The theoretical explanations of the state-of-the-art transformer architectures will appeal to postgraduate students and researchers (academic and industry) as it will provide a single entry point with deep discussions of a quickly moving field. The practical hands-on case studies and code will appeal to undergraduate students, practitioners, and professionals as it allows for quick experimentation and lowers the barrier to entry into the field.

Uday Kamath has spent more than two decades developing analytics products and combines this experience with learning in statistics, optimization, machine learning, bioinformatics, and evolutionary computing. Uday has contributed to many journals, conferences, and books, is the author of books like XAI: An Introduction to Interpretable XAI, Deep Learning for NLP and Speech Recognition, Mastering Java Machine Learning, and Machine Learning: End-to-End guide for Java developers. He held many senior roles: Chief Analytics Officer for Digital Reasoning, Advisor for
Falkonry, and Chief Data Scientist for BAE Systems Applied Intelligence. Uday has many patents and has built commercial products using AI in domains such as compliance, cybersecurity, financial crime, and bioinformatics. Uday currently works as the Chief Analytics Officer for Smarsh. He is responsible for data science, research of analytical products employing deep learning, transformers, explainable AI, and modern techniques in speech and text for the financial domain and healthcare.

Wael Emara has two decades of experience in academia and industry. Wael has a PhD in Computer Engineering and Computer Science with emphasis on machine learning and artificial intelligence. His technical background and research spans signal and image processing, computer vision, medical imaging, social media analytics, machine learning, and natural language processing. Wael has 10 research publications in various machine learning topics and he is active in the technical community in the greater New York area. Wael currently works as a Senior Research Engineer for Digital Reasoning where he is doing research on state-of-the-art artificial intelligence NLP systems.

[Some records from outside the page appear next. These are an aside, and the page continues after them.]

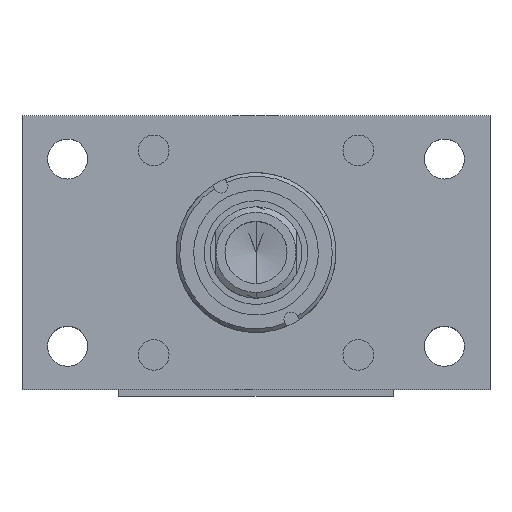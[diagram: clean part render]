
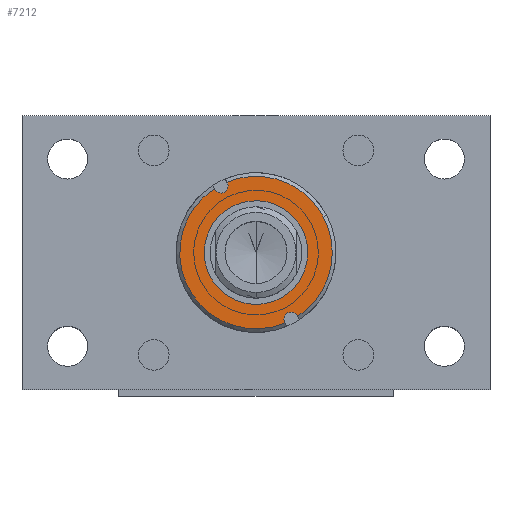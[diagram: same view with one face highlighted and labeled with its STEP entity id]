
A CAD part, top view. The second image highlights one B-rep face of the part: STEP entity #7212.
In plain terms, the highlighted planar face has unit normal (0, 0, 1).
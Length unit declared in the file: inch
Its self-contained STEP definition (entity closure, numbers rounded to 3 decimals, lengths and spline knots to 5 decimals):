
#4 = EDGE_CURVE ( 'NONE', #6132, #3751, #7576, .T. ) ;
#36 = VERTEX_POINT ( 'NONE', #3336 ) ;
#71 = VERTEX_POINT ( 'NONE', #7455 ) ;
#353 = VECTOR ( 'NONE', #7332, 39.37008 ) ;
#759 = ORIENTED_EDGE ( 'NONE', *, *, #4016, .F. ) ;
#1022 = CARTESIAN_POINT ( 'NONE',  ( 19.49558, 31.20342, -2.69734 ) ) ;
#1075 = AXIS2_PLACEMENT_3D ( 'NONE', #3630, #2256, #4905 ) ;
#1096 = VERTEX_POINT ( 'NONE', #3902 ) ;
#1164 = CARTESIAN_POINT ( 'NONE',  ( 19.41758, 30.63592, -2.69734 ) ) ;
#1288 = DIRECTION ( 'NONE',  ( -1., 0., 0. ) ) ;
#1299 = CARTESIAN_POINT ( 'NONE',  ( 19.49558, 31.20342, -2.69734 ) ) ;
#1362 = CARTESIAN_POINT ( 'NONE',  ( 19.49558, 31.45966, -2.69734 ) ) ;
#1442 = CARTESIAN_POINT ( 'NONE',  ( 19.41758, 30.63592, -2.69734 ) ) ;
#1443 = AXIS2_PLACEMENT_3D ( 'NONE', #1442, #2133, #6357 ) ;
#1447 = VERTEX_POINT ( 'NONE', #1568 ) ;
#1472 = VECTOR ( 'NONE', #4992, 39.37008 ) ;
#1516 = VERTEX_POINT ( 'NONE', #8120 ) ;
#1568 = CARTESIAN_POINT ( 'NONE',  ( 18.58258, 30.63592, -2.69734 ) ) ;
#1603 = EDGE_CURVE ( 'NONE', #1516, #4446, #6283, .T. ) ;
#1680 = VECTOR ( 'NONE', #2436, 39.37008 ) ;
#1881 = DIRECTION ( 'NONE',  ( 0., 0., 1. ) ) ;
#2126 = DIRECTION ( 'NONE',  ( 0., 0., 1. ) ) ;
#2133 = DIRECTION ( 'NONE',  ( 0., 0., 1. ) ) ;
#2256 = DIRECTION ( 'NONE',  ( 0., 0., 1. ) ) ;
#2382 = VERTEX_POINT ( 'NONE', #8721 ) ;
#2395 = CIRCLE ( 'NONE', #1075, 0.835 ) ;
#2436 = DIRECTION ( 'NONE',  ( 0., 1., 0. ) ) ;
#2489 = DIRECTION ( 'NONE',  ( 1., 0., 0. ) ) ;
#2640 = CIRCLE ( 'NONE', #1443, 0.835 ) ;
#2643 = DIRECTION ( 'NONE',  ( 1., 0., 0. ) ) ;
#2736 = ORIENTED_EDGE ( 'NONE', *, *, #1603, .F. ) ;
#2748 = DIRECTION ( 'NONE',  ( -1., 0., 0. ) ) ;
#2795 = CARTESIAN_POINT ( 'NONE',  ( 19.33958, 31.45966, -2.69734 ) ) ;
#2881 = CARTESIAN_POINT ( 'NONE',  ( 19.33958, 31.20342, -2.69734 ) ) ;
#2883 = EDGE_CURVE ( 'NONE', #6132, #1447, #2395, .T. ) ;
#3182 = CIRCLE ( 'NONE', #6696, 0.835 ) ;
#3268 = CARTESIAN_POINT ( 'NONE',  ( 19.41758, 31.45966, -2.69734 ) ) ;
#3336 = CARTESIAN_POINT ( 'NONE',  ( 19.49558, 29.80457, -2.69734 ) ) ;
#3380 = AXIS2_PLACEMENT_3D ( 'NONE', #4099, #2126, #7554 ) ;
#3393 = CARTESIAN_POINT ( 'NONE',  ( 19.33958, 31.46727, -2.69734 ) ) ;
#3405 = LINE ( 'NONE', #1022, #1680 ) ;
#3630 = CARTESIAN_POINT ( 'NONE',  ( 19.41758, 30.63592, -2.69734 ) ) ;
#3751 = VERTEX_POINT ( 'NONE', #2795 ) ;
#3786 = AXIS2_PLACEMENT_3D ( 'NONE', #3268, #4757, #1288 ) ;
#3902 = CARTESIAN_POINT ( 'NONE',  ( 19.49558, 31.46727, -2.69734 ) ) ;
#4016 = EDGE_CURVE ( 'NONE', #36, #4848, #3405, .T. ) ;
#4062 = DIRECTION ( 'NONE',  ( 0., 0., 1. ) ) ;
#4099 = CARTESIAN_POINT ( 'NONE',  ( 19.41758, 30.63592, -2.69734 ) ) ;
#4122 = FACE_OUTER_BOUND ( 'NONE', #4713, .T. ) ;
#4228 = ORIENTED_EDGE ( 'NONE', *, *, #7126, .T. ) ;
#4236 = EDGE_CURVE ( 'NONE', #4446, #1516, #6764, .T. ) ;
#4285 = ORIENTED_EDGE ( 'NONE', *, *, #4236, .F. ) ;
#4406 = PLANE ( 'NONE',  #4547 ) ;
#4426 = AXIS2_PLACEMENT_3D ( 'NONE', #6207, #8212, #2748 ) ;
#4446 = VERTEX_POINT ( 'NONE', #4489 ) ;
#4489 = CARTESIAN_POINT ( 'NONE',  ( 18.85008, 30.63592, -2.69734 ) ) ;
#4547 = AXIS2_PLACEMENT_3D ( 'NONE', #7093, #8443, #5727 ) ;
#4673 = ORIENTED_EDGE ( 'NONE', *, *, #5159, .T. ) ;
#4713 = EDGE_LOOP ( 'NONE', ( #759, #4228, #5860, #6022, #8418, #8187, #4673, #6052, #6126 ) ) ;
#4757 = DIRECTION ( 'NONE',  ( 0., 0., -1. ) ) ;
#4848 = VERTEX_POINT ( 'NONE', #8906 ) ;
#4905 = DIRECTION ( 'NONE',  ( 1., 0., 0. ) ) ;
#4992 = DIRECTION ( 'NONE',  ( 0., 1., 0. ) ) ;
#5159 = EDGE_CURVE ( 'NONE', #1447, #71, #3182, .T. ) ;
#5454 = DIRECTION ( 'NONE',  ( 0., -1., 0. ) ) ;
#5727 = DIRECTION ( 'NONE',  ( -1., 0., 0. ) ) ;
#5860 = ORIENTED_EDGE ( 'NONE', *, *, #7605, .T. ) ;
#6022 = ORIENTED_EDGE ( 'NONE', *, *, #6281, .T. ) ;
#6052 = ORIENTED_EDGE ( 'NONE', *, *, #7839, .T. ) ;
#6126 = ORIENTED_EDGE ( 'NONE', *, *, #6957, .T. ) ;
#6132 = VERTEX_POINT ( 'NONE', #3393 ) ;
#6199 = AXIS2_PLACEMENT_3D ( 'NONE', #1164, #1881, #2489 ) ;
#6207 = CARTESIAN_POINT ( 'NONE',  ( 19.41758, 29.81218, -2.69734 ) ) ;
#6281 = EDGE_CURVE ( 'NONE', #8529, #3751, #6733, .T. ) ;
#6283 = CIRCLE ( 'NONE', #6199, 0.5675 ) ;
#6357 = DIRECTION ( 'NONE',  ( 1., 0., 0. ) ) ;
#6438 = LINE ( 'NONE', #2881, #1472 ) ;
#6696 = AXIS2_PLACEMENT_3D ( 'NONE', #6853, #4062, #2643 ) ;
#6733 = CIRCLE ( 'NONE', #3786, 0.078 ) ;
#6764 = CIRCLE ( 'NONE', #3380, 0.5675 ) ;
#6853 = CARTESIAN_POINT ( 'NONE',  ( 19.41758, 30.63592, -2.69734 ) ) ;
#6873 = VECTOR ( 'NONE', #5454, 39.37008 ) ;
#6957 = EDGE_CURVE ( 'NONE', #2382, #4848, #7129, .T. ) ;
#7093 = CARTESIAN_POINT ( 'NONE',  ( 19.41758, 31.20342, -2.69734 ) ) ;
#7126 = EDGE_CURVE ( 'NONE', #36, #1096, #2640, .T. ) ;
#7129 = CIRCLE ( 'NONE', #4426, 0.078 ) ;
#7143 = FACE_BOUND ( 'NONE', #7625, .T. ) ;
#7212 = ADVANCED_FACE ( 'NONE', ( #7143, #4122 ), #4406, .F. ) ;
#7332 = DIRECTION ( 'NONE',  ( 0., -1., 0. ) ) ;
#7365 = CARTESIAN_POINT ( 'NONE',  ( 19.33958, 31.20342, -2.69734 ) ) ;
#7407 = LINE ( 'NONE', #1299, #6873 ) ;
#7455 = CARTESIAN_POINT ( 'NONE',  ( 19.33958, 29.80457, -2.69734 ) ) ;
#7554 = DIRECTION ( 'NONE',  ( 1., 0., 0. ) ) ;
#7576 = LINE ( 'NONE', #7365, #353 ) ;
#7605 = EDGE_CURVE ( 'NONE', #1096, #8529, #7407, .T. ) ;
#7625 = EDGE_LOOP ( 'NONE', ( #2736, #4285 ) ) ;
#7839 = EDGE_CURVE ( 'NONE', #71, #2382, #6438, .T. ) ;
#8120 = CARTESIAN_POINT ( 'NONE',  ( 19.98508, 30.63592, -2.69734 ) ) ;
#8187 = ORIENTED_EDGE ( 'NONE', *, *, #2883, .T. ) ;
#8212 = DIRECTION ( 'NONE',  ( 0., 0., -1. ) ) ;
#8418 = ORIENTED_EDGE ( 'NONE', *, *, #4, .F. ) ;
#8443 = DIRECTION ( 'NONE',  ( 0., 0., -1. ) ) ;
#8529 = VERTEX_POINT ( 'NONE', #1362 ) ;
#8721 = CARTESIAN_POINT ( 'NONE',  ( 19.33958, 29.81218, -2.69734 ) ) ;
#8906 = CARTESIAN_POINT ( 'NONE',  ( 19.49558, 29.81218, -2.69734 ) ) ;

Kenneth L. Graham has two decades experience solving quantitative problems in multiple domains, including Monte Carlo simulation, NLP, anomaly detection, cybersecurity, and behavioral profiling. For the past nine years, he has focused on building scalable solutions in NLP for government and industry, including entity coreference resolution, text classification, active learning, and temporal normalization. Kenneth currently works at Smarsh as a Principal Research Engineer, researching how to move state-of the-art NLP methods out of research and into production. Kenneth has five patents for his work in natural language processing, seven research publications, and a Ph.D. in Condensed Matter Physics.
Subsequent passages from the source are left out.